Implication: for batch, Opus is appropriate — the higher quality on complex compliance reasoning justifies the 5× cost premium. Use the Apic Batch API for throughput and 50% cost reduction.


Sensitivity analysis template

Always include a sensitivity table in customer-facing cost models:

Scenario Daily calls Cache hit rate Daily cost (Sonnet)
Low (pilot, 10 agents) 5,000 90% ~$0.11
Base (mid-size, 200 agents) 200,000 95% ~$3.83
High (large bank, 2,000 agents) 2,000,000 97% ~$35
Disaster (no caching, base volume) 200,000 0% ~$19,000

The disaster row is the "what if caching breaks?" scenario. It's not hypothetical — it informs the circuit breaker design. If caching fails, the fallback must not send 30K-token uncached prompts at 200K/day scale.


BFSI cost governance implications

  • RBI IT Outsourcing Guidelines require BFSI entities to maintain records of all cloud service costs.
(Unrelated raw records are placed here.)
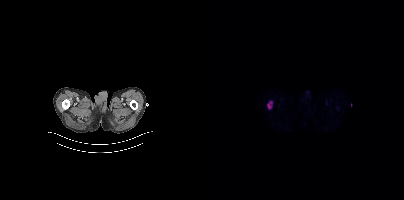
modality: PSMA PET/CT | tracer: 18F | view: axial
Coordinates are on the 200×200 PET (right) panel. PSMA-avid tumor lesion bounding box (x0,y0,x1,y1): [63,101,68,108].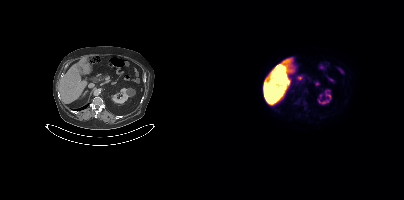
Paired axial CT (left) and PSMA PET (right), 18F-PSMA tracer. PET panel 200×200 px (4.1 mm/px). This slice has no annotated PSMA-avid lesion.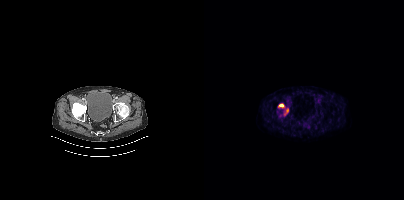
Findings: Coordinates are on the 200×200 PET (right) panel. PSMA-avid tumor lesion bounding box (x, y, width, height): x=74 y=103 w=11 h=13.
Technique: Left: CT. Right: PSMA PET, same axial level, 18F-PSMA tracer. slice 62 of 427. PET panel 200×200 px (4.1 mm/px).
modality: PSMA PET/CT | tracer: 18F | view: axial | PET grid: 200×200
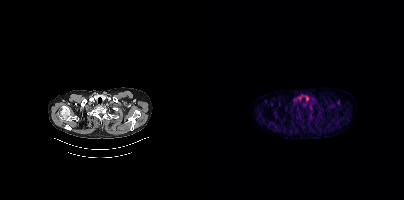
No tumor lesions annotated on this slice.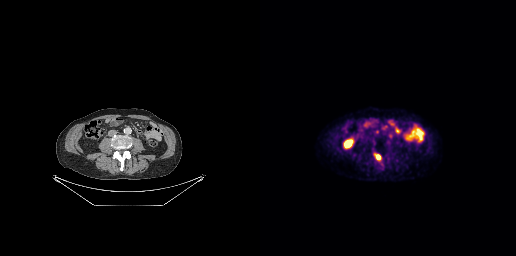
Paired axial CT (left) and PSMA PET (right), 18F-PSMA tracer. Slice position z = -627 mm. PET panel 256×256 px (2.7 mm/px). Coordinates are on the 256×256 PET (right) panel. PSMA-avid tumor lesion bounding boxes (x0, y0)-(x1, y1): (114, 154)-(121, 160) / (128, 133)-(132, 137) / (115, 130)-(119, 134). Small PSMA-avid foci (2 to 4 px across) near (center x, center y): (114, 142) / (132, 129) / (123, 128).
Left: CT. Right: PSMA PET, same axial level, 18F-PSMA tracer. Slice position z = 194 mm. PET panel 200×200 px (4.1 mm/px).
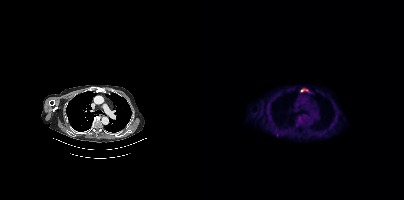
Coordinates are on the 200×200 PET (right) panel. PSMA-avid tumor lesion bounding boxes:
| # | x0 | y0 | x1 | y1 |
|---|---|---|---|---|
| 1 | 97 | 89 | 103 | 91 |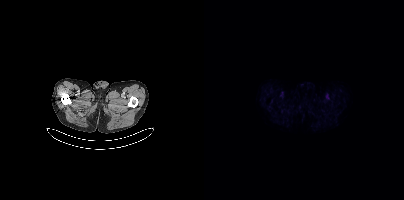
No tumor lesions annotated on this slice.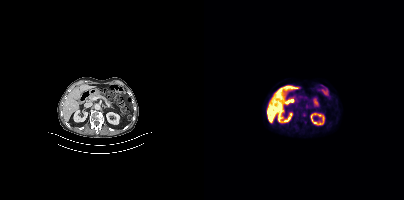
Left: CT. Right: PSMA PET, same axial level, 18F tracer. Only PSMA-avid lesion pieces thinner than 2 px on this slice (not listed).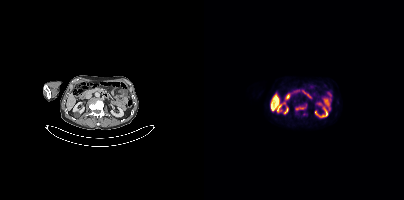
Coordinates are on the 200×200 PET (right) panel. PSMA-avid tumor lesion bounding box (x0,y0,x1,y1): [92,107,99,109].
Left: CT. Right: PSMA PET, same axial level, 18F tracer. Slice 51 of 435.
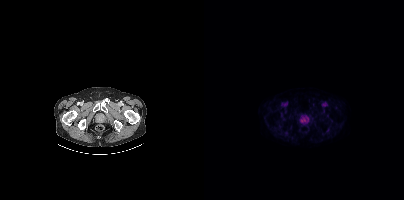
No PSMA-avid tumor lesions on this slice.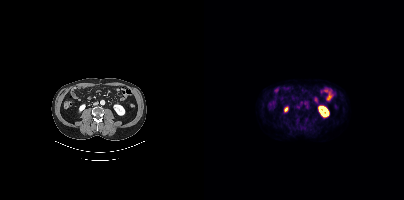
{"modality":"PSMA PET/CT","view":"axial","tracer":"18F-PSMA","pet_grid":[200,200],"coord_frame":"pet_panel","coord_format":"x0,y0,x1,y1","psma_avid_lesions":false}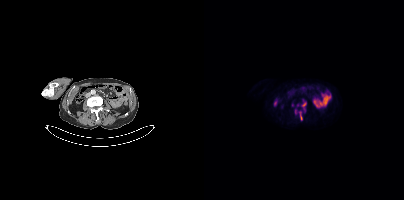
Coordinates are on the 200×200 PET (right) panel. (showing 3 of 4 foci) PSMA-avid tumor lesion bounding boxes (x0, y0)-(x1, y1): (95, 111)-(98, 119) / (98, 103)-(101, 109). Small PSMA-avid focus (2 to 4 px across) near (center x, center y): (91, 111).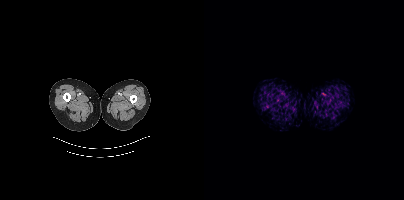
No tumor lesions annotated on this slice. Paired axial CT (left) and PSMA PET (right), 18F tracer. Acquired on Siemens Biograph mCT Flow 20. Slice 7 of 438.
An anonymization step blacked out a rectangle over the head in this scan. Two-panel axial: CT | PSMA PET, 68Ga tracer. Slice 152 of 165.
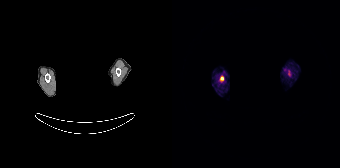
Coordinates are on the 168×168 PET (right) panel. Small PSMA-avid focus (2 to 4 px across) near (center x, center y): (49, 78).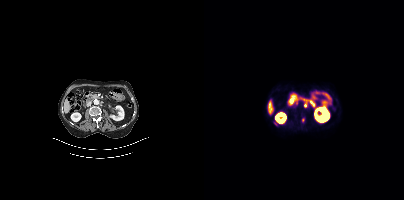
Findings: Coordinates are on the 200×200 PET (right) panel. Small PSMA-avid foci (2 to 4 px across) near (center x, center y): (101, 105) (98, 120) (71, 123).
Technique: Paired axial CT (left) and PSMA PET (right), [68Ga]Ga-PSMA-11 tracer. slice position z = -1316 mm. PET panel 200×200 px (4.1 mm/px).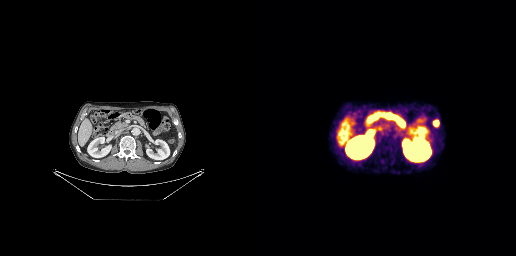
- Left: CT. Right: PSMA PET, same axial level, 68Ga tracer
Findings: Coordinates are on the 256×256 PET (right) panel. PSMA-avid tumor lesion bounding box (x0,y0,x1,y1): [173,120,178,126].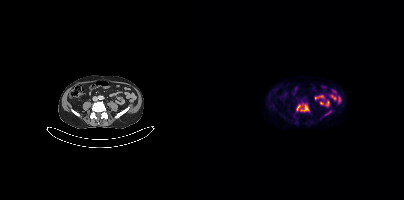
Coordinates are on the 200×200 PET (right) panel. PSMA-avid tumor lesion bounding boxes (x, y, width, height): x=96 y=104 w=10 h=8 | x=92 y=104 w=5 h=7 | x=122 y=111 w=6 h=4. Left: CT. Right: PSMA PET, same axial level, 18F tracer.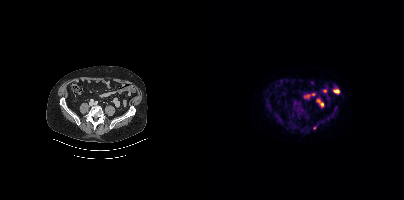
Coordinates are on the 200×200 PET (right) panel. Small PSMA-avid focus (2 to 4 px across) near (center x, center y): (110, 128).
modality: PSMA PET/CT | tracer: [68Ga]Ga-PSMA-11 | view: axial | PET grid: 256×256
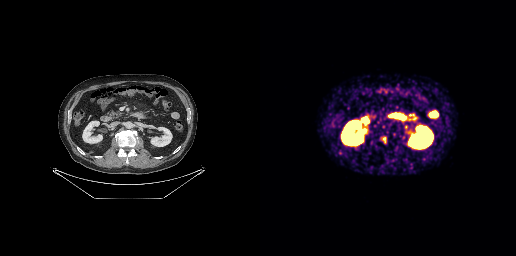
Coordinates are on the 256×256 PET (right) panel. PSMA-avid tumor lesion bounding box (x0, y0)-(x1, y1): (123, 137)-(125, 142).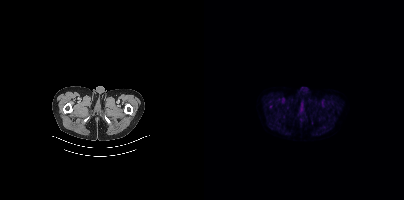
{"modality":"PSMA PET/CT","view":"axial","tracer":"18F-PSMA","pet_grid":[200,200],"coord_frame":"pet_panel","coord_format":"x0,y0,x1,y1","psma_avid_lesions":false}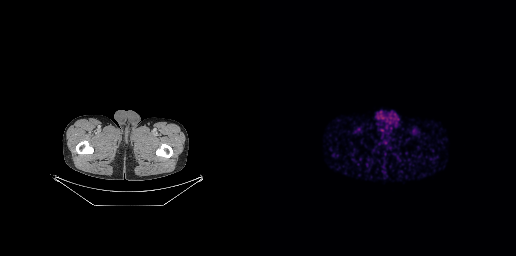
This slice has no annotated PSMA-avid lesion.
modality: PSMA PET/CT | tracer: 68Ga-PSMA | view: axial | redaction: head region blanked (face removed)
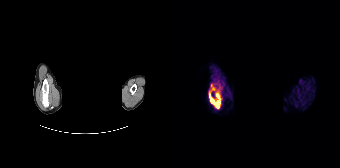
Coordinates are on the 168×168 PET (right) panel. PSMA-avid tumor lesion bounding box (x0,y0,x1,y1): [37,87,49,108]. Small PSMA-avid focus (2 to 4 px across) near (center x, center y): (39, 84).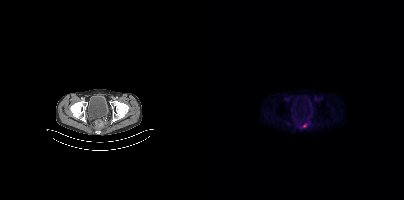
Coordinates are on the 200×200 PET (right) panel. Small PSMA-avid foci (2 to 4 px across) near (center x, center y): (100, 125); (94, 127). Left: CT. Right: PSMA PET, same axial level, [18F]PSMA-1007 tracer. Slice 59 of 423.
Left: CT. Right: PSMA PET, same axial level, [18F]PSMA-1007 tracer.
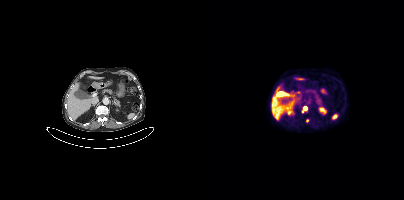
Coordinates are on the 200×200 PET (right) panel. PSMA-avid tumor lesion bounding box (x, y, width, height): x=98 y=106 w=6 h=7. Small PSMA-avid focus (2 to 4 px across) near (center x, center y): (103, 120).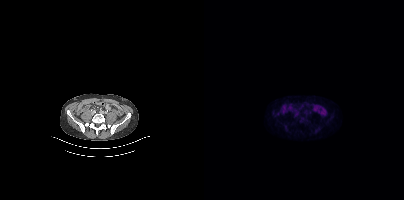
Only PSMA-avid lesion pieces thinner than 2 px on this slice (not listed).
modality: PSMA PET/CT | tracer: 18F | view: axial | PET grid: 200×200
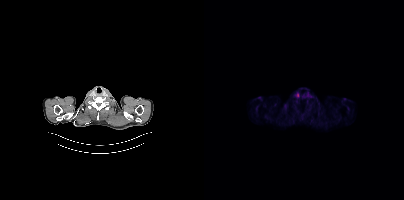
Negative for PSMA-avid disease on this slice.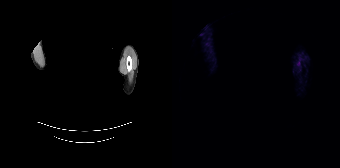
Findings: This slice has no annotated PSMA-avid lesion.
Technique: Left: CT. Right: PSMA PET, same axial level, 68Ga-PSMA tracer. acquired on Siemens Biograph 64-4R TruePoint. PET panel 168×168 px (4.1 mm/px).
Note: Any black rectangle over the head is a privacy mask, not anatomy.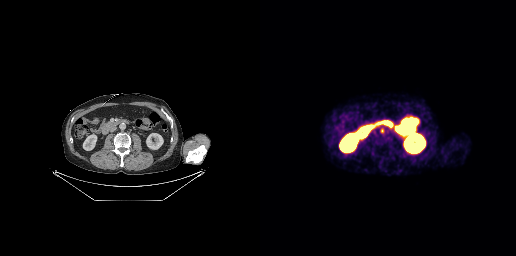
Technique: Left: CT. Right: PSMA PET, same axial level, [68Ga]Ga-PSMA-11 tracer. acquired on GE Discovery 690. slice position z = -579 mm.
Findings: Coordinates are on the 256×256 PET (right) panel. PSMA-avid tumor lesion bounding box (x0, y0)-(x1, y1): (120, 129)-(123, 133).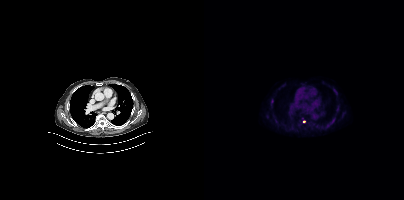
Coordinates are on the 200×200 PET (right) panel. Small PSMA-avid focus (2 to 4 px across) near (center x, center y): (100, 121).
modality: PSMA PET/CT | tracer: 18F | view: axial

The cost model must be documented and auditable.
  • Budget approval process: a ₹5 lakh/month spend (even from API costs) may require CFO or board sign-off in some BFSI entities. Size the pilot accordingly.
  • Bedrock vs. direct API: Bedrock pricing includes AWS infrastructure costs but may be eligible for Enterprise Discount Programs (EDP). For a BFSI customer already committed to AWS, Bedrock is often cheaper in total cost than the direct Apic API.

Interview-room answer (60 sec)

"My cost modeling approach is back-of-envelope first, sensitivity analysis second. I start with the token budget per call: system prompt + user turn + response. For a BFSI support assistant with a 30K-token policy bundle, that's roughly $0.095 per call on Sonnet without caching — multiply by 200K calls/day and you're at $19K/day, or $5M/year. That number doesn't pass a CFO review. With prompt caching at a 95% hit rate, the same workload costs about $3.83/day — $1K/year. The $5M-vs-$1K difference is prompt caching. That's the architecture decision that pays for itself in week one of production. I always present the sensitivity table — the CFO will ask 'what happens if usage doubles?' — and I always include the disaster row: what does it cost if caching fails? Because the circuit breaker that kicks in when caching fails is a business continuity decision, not just an ops task."


Cross-references

Strong-Hire bar for this file

  • Can compute the BFSI support assistant cost model in a whiteboard interview without notes.
  • Knows the $5M-vs-$1K prompt caching delta and can defend it.
  • Distinguishes interactive latency budget (streaming + parallelism) from batch latency budget (throughput).
  • Knows the "5× rule" for quick mental model comparison.
  • Can explain the disaster row in the sensitivity table and what architecture decision it informs.